Her family would have preferred she attend an all-girls school, but Zanaty earned a degree in mass communication from the co-ed Misr International University and works on campus as a teaching assistant, making around $450 a month. She dreams of running her own advertising agency, but admits she would have to leave her country to make that dream come true. There is gender discrimination, but a more relevant challenge is the woeful job market.

In a country where 40 percent of the population is illiterate, a college degree should guarantee a good-paying job, but that is not the case. Even relatively robust economic growth can't keep up with this country's population explosion. Each year, 700,000 Egyptians earn college diplomas and then scramble for 200,000 jobs, and it is a grim joke that Cairo has some of the best educated taxi drivers in the world. Even upper-middle class freshman students are pessimistic about a change for the better.

"Because every aspect of our life here in Egypt is corrupt," says Kismet Waked, sitting in a computer lab lined with shiny new Apple desktops. "We're not given the chance to speak freely. I personally would like to go abroad and see things from different perspectives and learn new things so I can bring them back here and try and improve."

Egypt counts the United States among its allies, and President George W. Bush often points to Egypt as a commendable model of democracy in a region dominated by authoritarian rule. But for nearly 30 years, President Hosni Mubarak has run this country like a modern pharaoh, clinging to power through police brutality, media censorship and rigged elections. Zanaty and her friends are hesitant to criticize their government on the record, and like the vast majority of Egyptians, they do not bother to vote.

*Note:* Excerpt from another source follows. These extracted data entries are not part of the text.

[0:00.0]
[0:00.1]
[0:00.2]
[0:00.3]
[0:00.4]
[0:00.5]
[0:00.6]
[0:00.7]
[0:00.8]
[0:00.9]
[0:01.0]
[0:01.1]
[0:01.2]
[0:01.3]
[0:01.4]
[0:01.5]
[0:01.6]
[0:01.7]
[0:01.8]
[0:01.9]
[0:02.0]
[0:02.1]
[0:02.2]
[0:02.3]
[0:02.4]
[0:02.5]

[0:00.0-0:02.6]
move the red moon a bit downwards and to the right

"I don't see how that would affect me," she says. "Recently, I guess they are trying their hardest to open up [elections to opposition candidates]. I stress 'recently.'"

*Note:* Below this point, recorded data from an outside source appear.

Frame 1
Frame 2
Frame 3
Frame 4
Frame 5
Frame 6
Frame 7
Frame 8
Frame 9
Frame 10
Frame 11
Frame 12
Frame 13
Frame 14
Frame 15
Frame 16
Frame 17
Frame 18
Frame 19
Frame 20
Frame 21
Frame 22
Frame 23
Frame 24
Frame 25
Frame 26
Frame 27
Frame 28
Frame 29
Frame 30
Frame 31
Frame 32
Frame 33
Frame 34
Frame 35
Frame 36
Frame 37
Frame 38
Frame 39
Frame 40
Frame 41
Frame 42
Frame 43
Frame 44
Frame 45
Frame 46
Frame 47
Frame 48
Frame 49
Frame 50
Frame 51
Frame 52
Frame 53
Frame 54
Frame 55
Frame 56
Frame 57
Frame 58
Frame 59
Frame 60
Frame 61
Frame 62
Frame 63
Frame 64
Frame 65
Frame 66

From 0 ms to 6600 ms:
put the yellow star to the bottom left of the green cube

But while she has developed a relatively liberal world view in Cairo, political oppression and economic turmoil have driven millions of her peers to become more religious … some to the extreme. Mosque construction has boomed and Islamist parties like the Muslim Brotherhood have grown stronger, managing to win a small percentage of seats in parliament despite Mubarak's crackdowns. But Zanaty doesn't see her country slipping toward more theocratic rule.

"It's not what the people want."

And she says she and her peers have nothing but disdain for Egyptians like Ayman al Zawahiri and Mohammed Atta, two of the most famous names in al Qaeda. "They are not us. You get radicals in absolutely everywhere and absolutely every religion. I mean, come on, don't tell me you don't have cults or radical thinkers in the States."

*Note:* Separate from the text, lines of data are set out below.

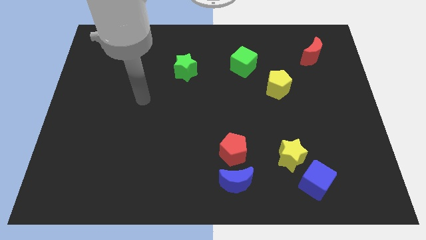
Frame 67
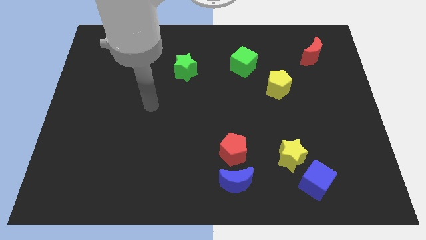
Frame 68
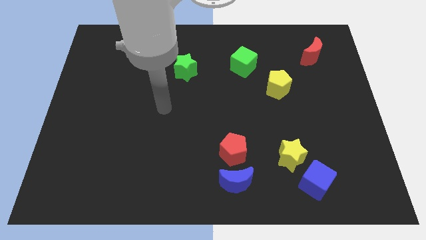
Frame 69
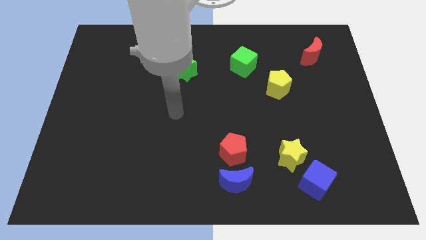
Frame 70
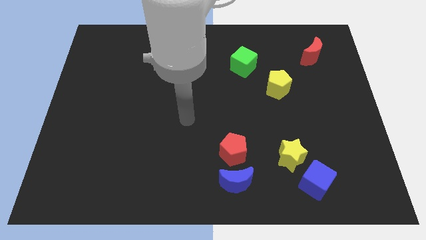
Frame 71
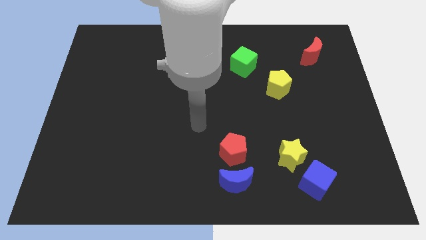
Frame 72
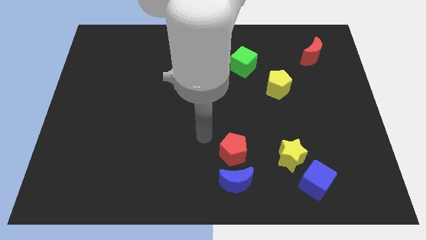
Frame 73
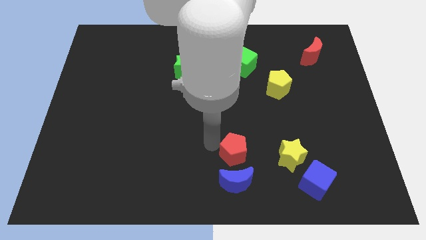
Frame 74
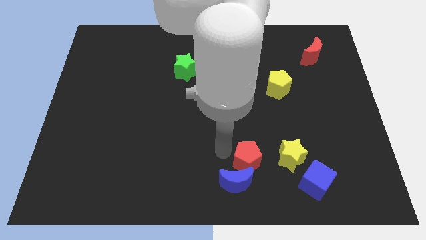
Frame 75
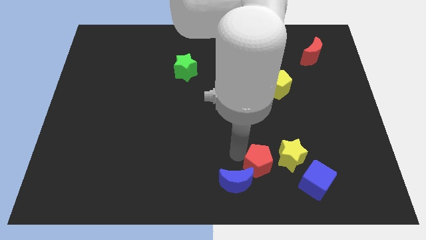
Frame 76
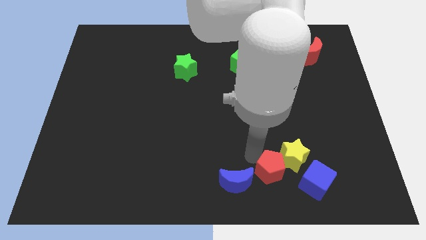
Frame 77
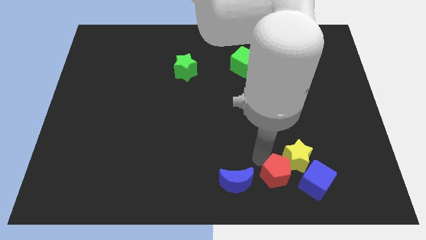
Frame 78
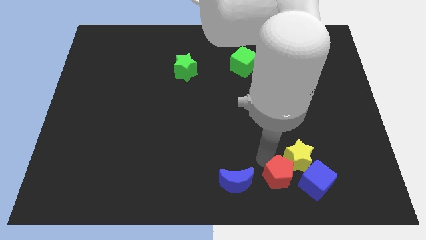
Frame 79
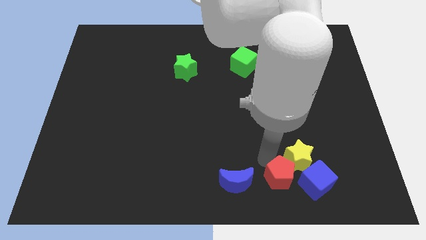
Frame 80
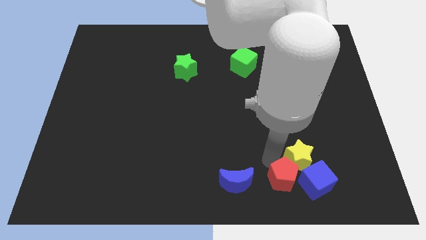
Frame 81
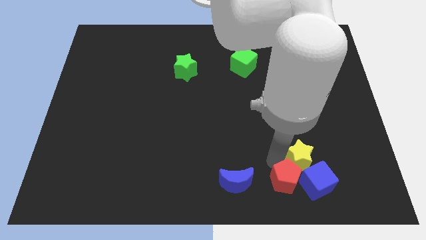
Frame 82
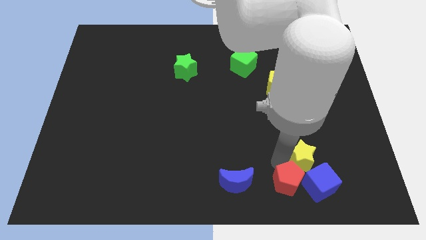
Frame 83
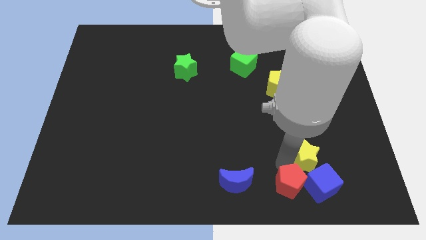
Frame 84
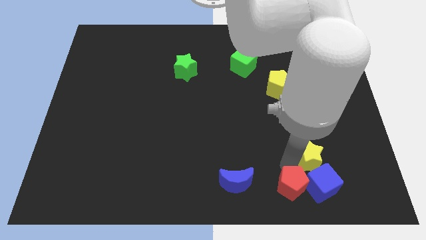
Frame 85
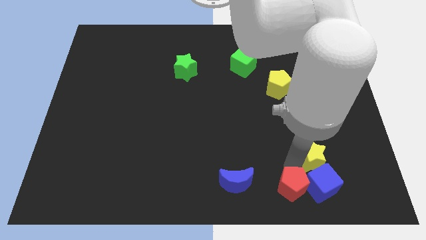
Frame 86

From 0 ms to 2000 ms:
slide the yellow star diagonally up and to the right of the blue cube

When asked for her impressions of America, she smiles wryly and stirs her tea.

"It's a country that should practice what it preaches," she says. "And with the amount of preaching it's doing, it has a lot of practicing to catch up on: Absolute total disregard for state sovereignty. I mean, come on. I'm sorry, but who do you think you are? In the past, if the States was a strong country, it was because it had thinkers. It had amazing scientists, amazing programs, but right now it's like a jock. Very powerful, very athletic, but in a couple of years it will burn out and what's left is a totally useless nation. I don't think it's what the American people want."

She says she hopes to move to Italy soon, but would consider living in America. "If me being there would change even one person's point of view about Muslims and the Arab world, then I'd live there for my entire life."